Translate the recent advances in natural language processing from the general domain to various text mining tasks essential to automatic knowledge base construction in biomedicine

Primary techniques for entity extraction across various domains include dictionary lookup, rule-based, and supervised learning using CRF and deep learning, with the best-performing systems using hybrid approaches. State-of-the art systems achieve adequate accuracies, recall, and F1-scores for KB construction but require entity-specific implementation details. Advances in deep learning have enabled rapid improvements in entity recognition and normalization using a combination of BiLSTM and CRFs [48, 49, 110], and while these methods have begun to be translated into the biomedical domain, the rate of advancement in general domain NLP continues to accelerate. It will be important to investigate recent methods, especially pre-trained language models [14, 111, 112], which have shown dramatic improvements across language tasks, including entity recognition. Finally, relation extraction for microbes and diseases remains an open research problem. Most relation extraction systems rely on matching key terms and patterns in parse trees or phrases with templates. Few systems use word embedding-based deep learning approaches due to the lack of a large training corpus. Potential solutions for mitigating this lack of data include transfer learning [14], in which a model trained on a large general domain corpus is fine-tuned on a small corpus in the domain of interest, as well as multi-task learning [46, 74].
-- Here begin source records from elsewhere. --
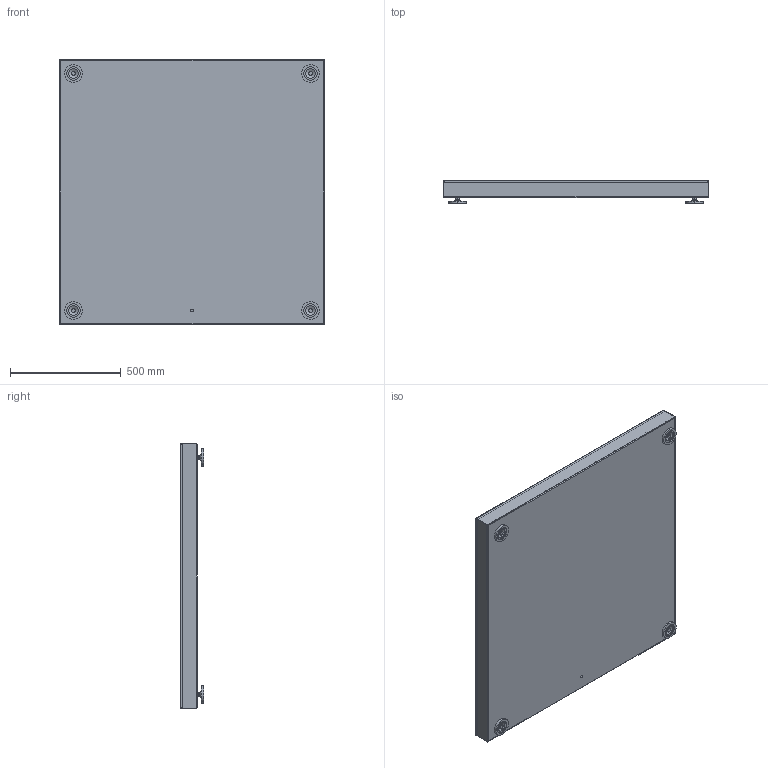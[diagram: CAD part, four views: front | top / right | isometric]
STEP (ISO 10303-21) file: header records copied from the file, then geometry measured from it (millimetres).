
FILE_DESCRIPTION (( 'STEP AP214' ), '1' );
FILE_NAME ('AC-1200x1200x105.STEP', '2023-03-25T03:26:12', ( '' ), ( '' ), 'SwSTEP 2.0', 'SolidWorks 2022', '' );
FILE_SCHEMA (( 'AUTOMOTIVE_DESIGN' ));
Length unit declared in the file: millimetre
Products named in the file (8): continuous thread hexagon head bolt_a_jis_JIS B 1180 Continuous thread hexagon head bolt A M12 x 45 --N; hexagon nut style 1_ab_jis_JIS B 1181 Hexagon nut - style 1 A M12 - W --N; AC-1200x1200x105; AC-1200x1200上蓋; M12腳座; AC-1190x1190下板; AC-1194x1194上板
Assembly tree (10 placements, depth 3):
  AC-1200x1200x105
    AC-1190x1190下板
    AC-1194x1194上板
    M12腳座  x4
      M12腳座
      continuous thread hexagon head bolt_a_jis_JIS B 1180 Continuous thread hexagon head bolt A M12 x 45 --N
      hexagon nut style 1_ab_jis_JIS B 1181 Hexagon nut - style 1 A M12 - W --N
    AC-1200x1200上蓋
Bounding box: 1200 x 105.06 x 1200 mm (x, y, z)
Volume: 31239163.4 mm3; surface area: 9446993.5 mm2
Topology: 15 solids, 15 shells, 419 faces, 944 edges, 556 vertices
Faces by surface type: plane 161, cylinder 126, cone 120, torus 8, sphere 4
Entity records: 6130 total; most frequent: CARTESIAN_POINT 1131, DIRECTION 1074, ORIENTED_EDGE 932, EDGE_CURVE 466, AXIS2_PLACEMENT_3D 435, VERTEX_POINT 280, CIRCLE 230, EDGE_LOOP 226

Potential issues and limitations

There are some potential issues and limitations that a KB derived from the literature may have that we need to be aware of when constructing a KB for human microbiome and disease associations. The KB will share the bias of the published literature. One of the well-known bias of the published literature is toward topics that are well funded; therefore, microbes and diseases that are intensively studied with rich funding will be covered more than those otherwise. Paywalls may be another issue for the construction of KBs but may be alleviated if publishers such as Elsevier and Springer Nature recognize that KBs add values to their contents and are willing to open text and data mining APIs to facilitate their subscribers to mine their paywalled contents automatically. Finally, eventually, the KB will need to cover non-English publications. For the moment, since NLP for languages other than English and machine translation are progressing rapidly, KB construction approaches developed for mining English publications can potentially be extended to other languages, though the amount of non-English publications at the moment may not justify the costs to include them. Moreover, non-English publications may already use Latin scientific names of bacteria for which a bacteria name entity extractor designed for English publications may still work with trivial changes.
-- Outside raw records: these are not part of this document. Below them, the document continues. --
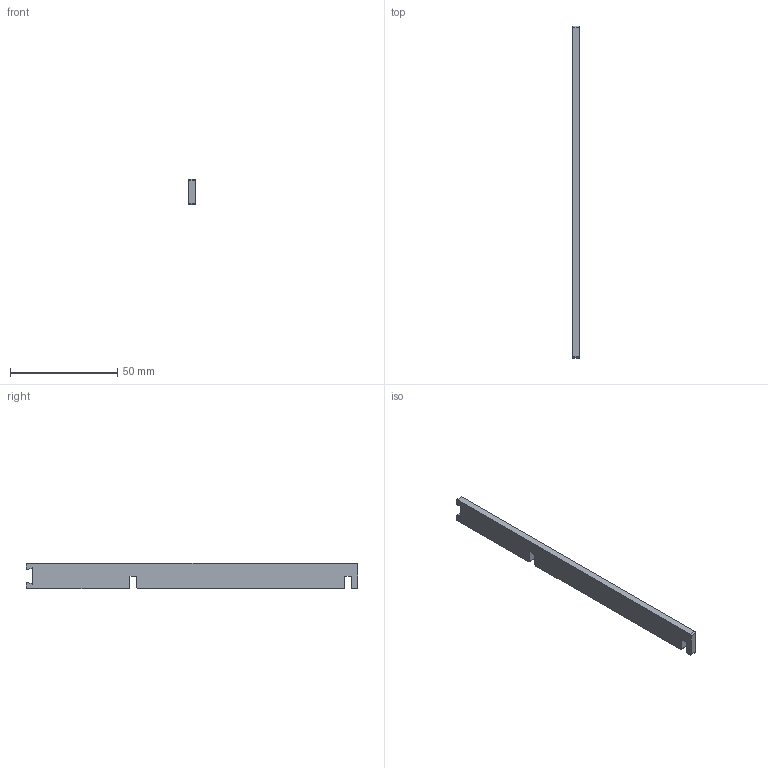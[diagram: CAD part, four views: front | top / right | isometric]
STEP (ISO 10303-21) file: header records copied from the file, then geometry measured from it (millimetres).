
FILE_DESCRIPTION(('CATIA V5 STEP Exchange'),'2;1');
FILE_NAME('renfort.stp','2025-08-08T12:35:38+00:00',('none'),('none'),'CATIA Version 5 Release 21 GA (IN-10)','CATIA V5 STEP AP203','none');
FILE_SCHEMA(('CONFIG_CONTROL_DESIGN'));
Length unit declared in the file: millimetre
Products named in the file (1): renfort
Bounding box: 3 x 154.6 x 12 mm (x, y, z)
Volume: 5388.1 mm3; surface area: 4680 mm2
Topology: 1 solids, 1 shells, 28 faces, 111 edges, 94 vertices
Faces by surface type: plane 18, cylinder 10
Entity records: 1180 total; most frequent: CARTESIAN_POINT 254, DIRECTION 159, ORIENTED_EDGE 156, VECTOR 91, LINE 91, EDGE_CURVE 78, VERTEX_POINT 52, AXIS2_PLACEMENT_3D 45

In sum, the construction of a knowledge base of human microbiome-disease associations will be critical due to the rapidly expanding literature in the area, but the execution of this construction comes with several key technical challenges. In this article, we have identified the primary challenges, discussed the state of the art for each associated task, identified the limitations of current approaches and resources, and made our proposals for moving toward a fully realized KB of human microbiome-disease associations. It will be important going forward to identify specific entities of interest (both microbes and diseases), develop standard taxonomies of these entities, and curate relevant datasets in order to accelerate progress in this area. It is our hope that this critical survey will motivate the community to engage in more research on this important topic.